Off to the left is a nutty looking lime green 1964 Dodge A-100 with the back cut off to create a flatbed with the front looking like a van. It looks exactly like a life-sized Hot Wheel.

“Yeah.”

“That guy is a real asshole. Real smart ass. No one likes him much but we all love the truck so we overlook him being an asshole. Some.”

Gary and Debbie Viser brought his 1932 Ford Coupe. A striking red gloss with exposed chrome engine and two sizes of tires (regular for the front and huge, fat, wide tires for the back) it is hard to fathom that this vehicle is older than Biden.

“I found this in a car graveyard out near Burden, KS. I recognized the body because my great grandfather had the exact same car so I picked it up for $40.00.”

“How much did the restoration cost?”

Debbie jumps in. “So much money.
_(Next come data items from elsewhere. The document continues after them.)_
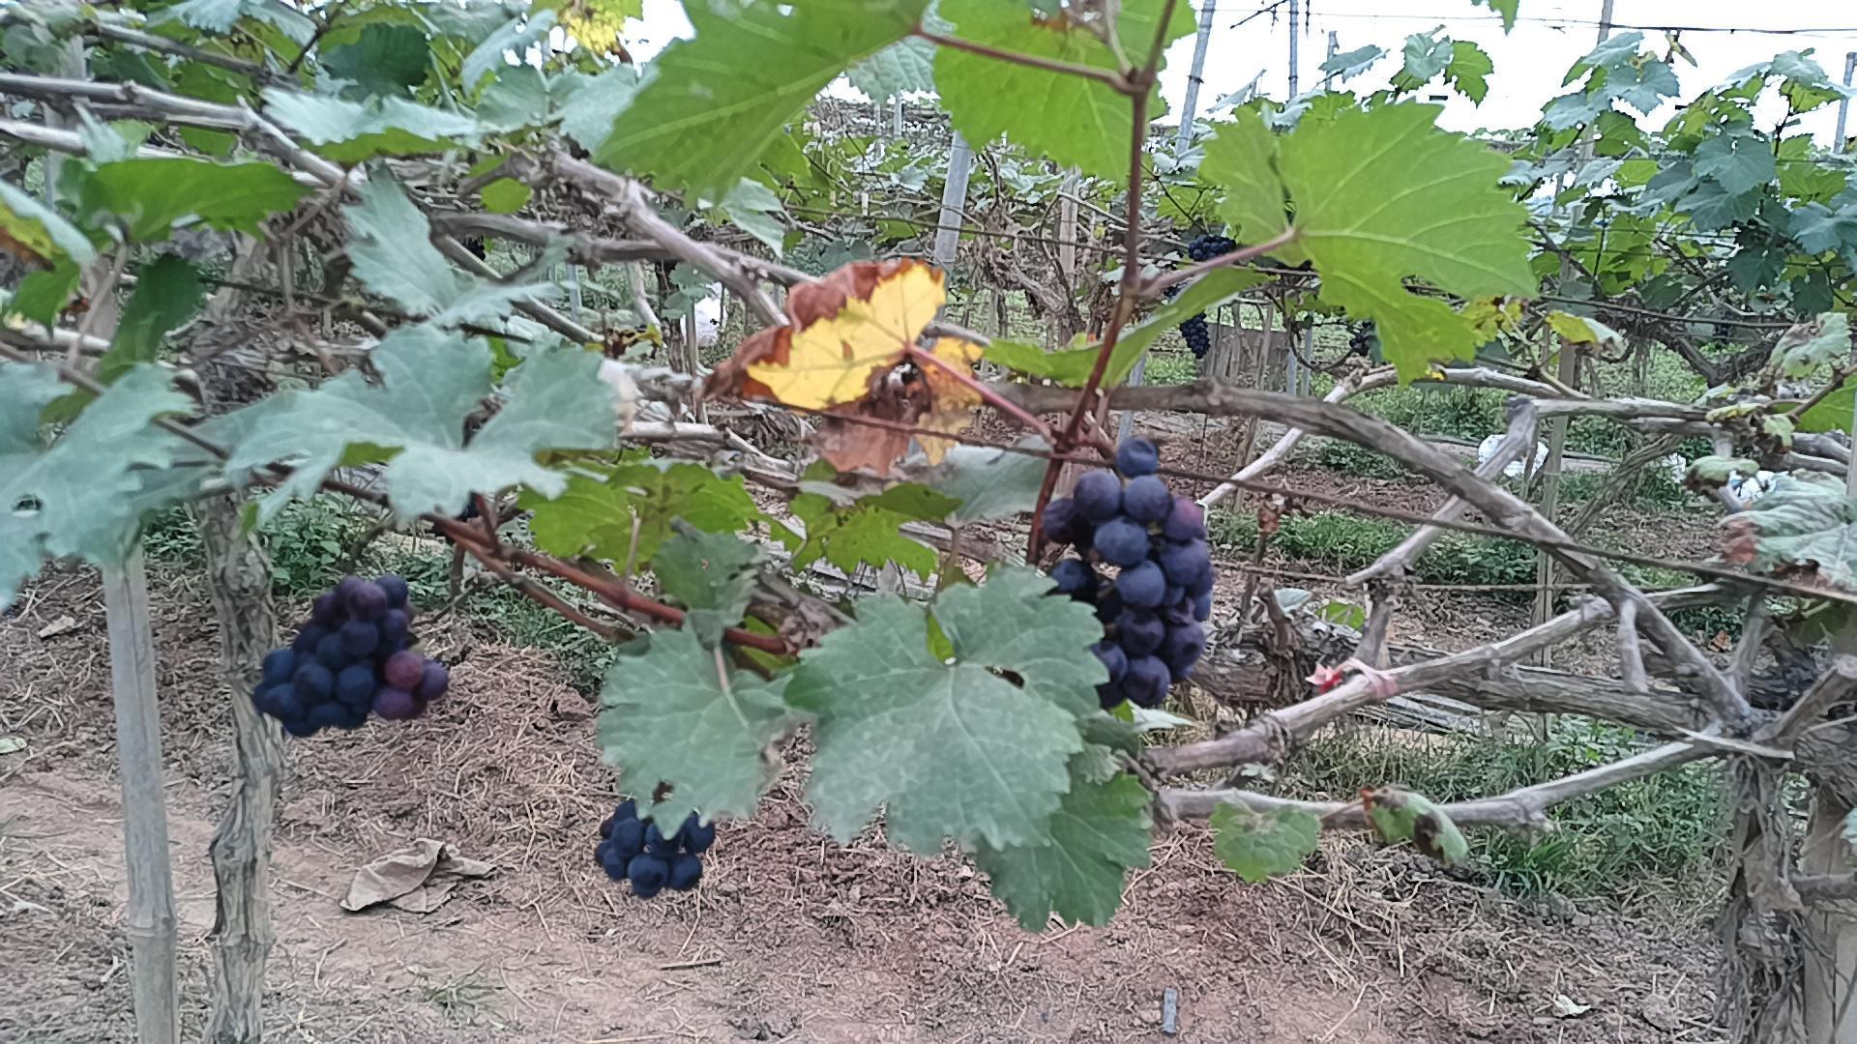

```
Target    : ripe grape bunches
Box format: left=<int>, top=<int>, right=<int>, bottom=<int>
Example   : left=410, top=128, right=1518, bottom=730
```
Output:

Thousands of dollars and it took him four years to get it running.”

“It runs?”

“We drove it here from Mulvane last night.”

I spend the two days of my occupation switching from staffing the radio booth and giving away tickets and finding cool cars and chatting up the owners and the conclusion reached is that these men and women are no different than the urbane poets and musicians from Chicago, the outdoor artists in the Southwest, or the writers and storytellers I spend most of my time with. They have found an art form that speaks something deep and primal to them and have devoted years and mounds of cash to be able to simply display the results to a crowd that can appreciate the artistry.

While cars aren’t my scene, I am completely impressed with that sense of passion, obsession, and skill. I hope that as I continue to make my own art that I demonstrate the same as these cartists.